MuTectの設計: MuTectは、マッチト腫瘍・正常DNAの次世代シークエンシングデータ(リードのアライメントと標準的な前処理後)を入力として、各ゲノム座を独立して解析する。主要な4つのステップが実装された。(1) 低品質リードの除去: シークエンシングエラーやアライメントエラーに起因する偽陽性を減らすため、低品質のシークエンスデータを除去した。(2) ベイズ分類器による腫瘍サンプルでのバリアント検出: 参照モデルM0(変異なし)とバリアントモデルMfm(アレル頻度fの変異あり)の対数尤度比(LODスコア)を計算し、LODスコアが所定の決定閾値θT=6.3を超える場合に候補変異として宣言した。このモデルはアレル頻度fを明示的にモデル化しており、これがSomaticSniperやJointSNVMix(固定50%アレル頻度仮定)との感度差の核心である。
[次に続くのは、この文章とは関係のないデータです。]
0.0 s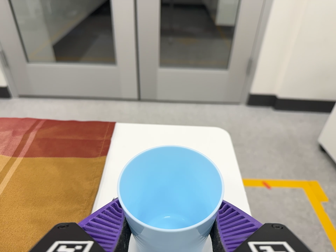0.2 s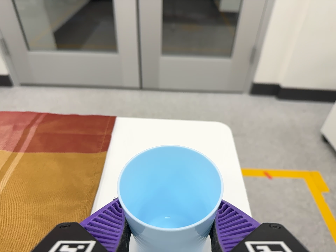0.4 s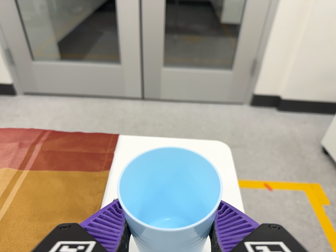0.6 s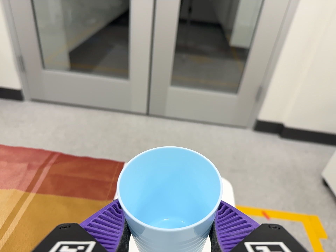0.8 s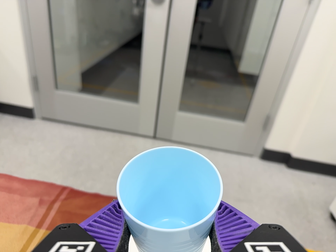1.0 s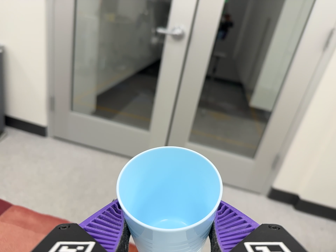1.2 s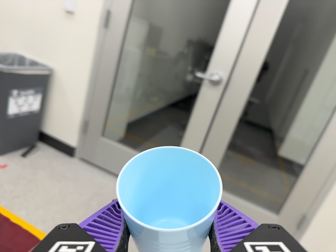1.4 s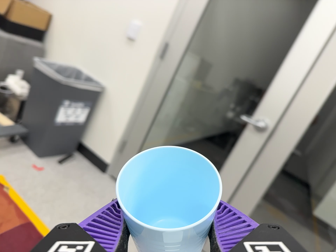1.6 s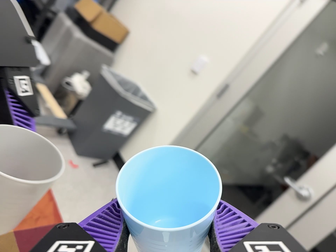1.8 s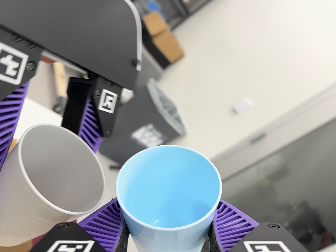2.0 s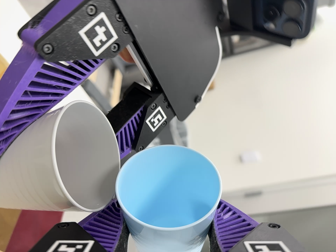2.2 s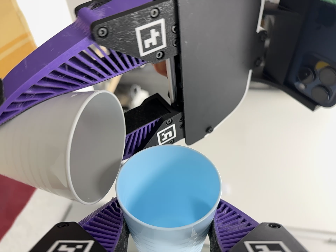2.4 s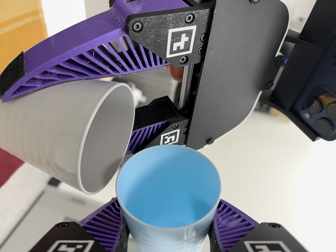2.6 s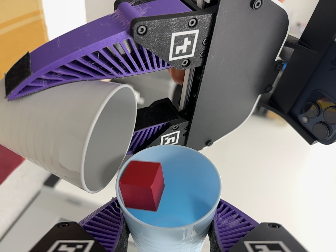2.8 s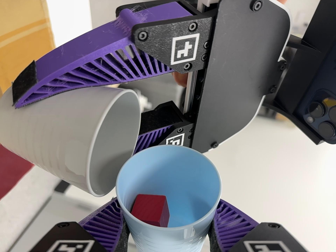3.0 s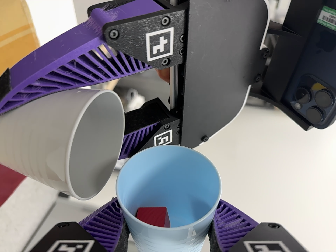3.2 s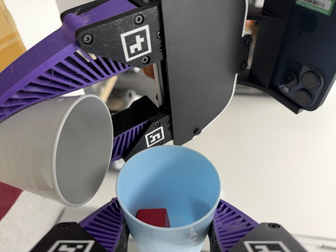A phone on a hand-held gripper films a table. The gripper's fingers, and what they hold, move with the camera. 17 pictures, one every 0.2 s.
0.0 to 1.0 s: The camera travels toward the top of its view and backward, about 14 cm, so close, fixed things drift downward. Its aim tips toward the top of its view by about 10 degrees, and the scene shifts downward. It rolls about its line of sight by about 15 degrees, and the scene rotates clockwise.
1.0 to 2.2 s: The camera pans to its left by about 25 degrees. It travels to its left and toward the top of its view, about 26 cm, so close, fixed things drift to the right. Its aim tips toward the top of its view by about 30 degrees, and the scene shifts downward. It rolls about its line of sight by about 95 degrees, and the scene rotates clockwise.
2.2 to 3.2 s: The camera shifts only a little, or ends up much as it began.
The film runs backward here.

(3) シークエンシングアーチファクトを排除する6つのフィルター: 不正確なリード配置や非独立的なシークエンシングエラーに起因する偽陽性を排除するため、「Proximal gap」「Poor mapping」「Triallelic site」「Strand bias」「Clustered position」「Observed in Control」の6種類のフィルターを適用した(Table 1)。(4) マッチト正常サンプルとの比較による体細胞/生殖細胞系の判定: 腫瘍サンプルで検出された各変異を、マッチト正常サンプルでのデータに基づいて体細胞変異、生殖細胞系変異、または分類不能として指定した。さらに、Panel of Normal Samples (PON) フィルターを追加し、125例の正常サンプルデータで2例以上に認められる部位を除外することで、稀なエラーモードによる偽陽性を排除した。

ベンチマーク設計: 変異検出ツールの性能を評価するため、2つの補完的なベンチマーク手法を開発した。(a) ダウンサンプリング法: Network et al. Nature 2012による大腸癌3,753例の既知体細胞変異(中央値アレル頻度0.28、範囲0.07〜0.94)のデータセットを使用し、リードをランダムに除外してシークエンシング深度を変化させることで、既知変異の検出感度を評価した。この手法は元の変異のアレル頻度を維持しつつ、深度変化での感度を測定できる。(b) Virtual tumor法: NA12878とNA12891の2個人の全ゲノムシークエンシング (WGS) データ(Illumina HiSeq、1 Gbゲノム領域)を用い、既知生殖細胞系変異位置にNA12891のリードをNA12878データに混入させることで、既知位置・既知アレル頻度の「仮想体細胞変異」を作成した。これにより、シミュレーションデータではなく実際のリードを使いながら、既知の真陽性変異に対する感度と特異性を系統的に評価することが可能となった。特異性測定のためには、同一正常サンプルから作成した仮想腫瘍・正常データセットを用い、検出された変異をすべて偽陽性とした。これらの手法を組み合わせることで、シークエンシング深度、塩基品質、アレル頻度に対する感度と特異性の依存性を詳細に解析した。統計解析には、ベイズ分類器を用いた尤度比検定を主要な手法として採用した。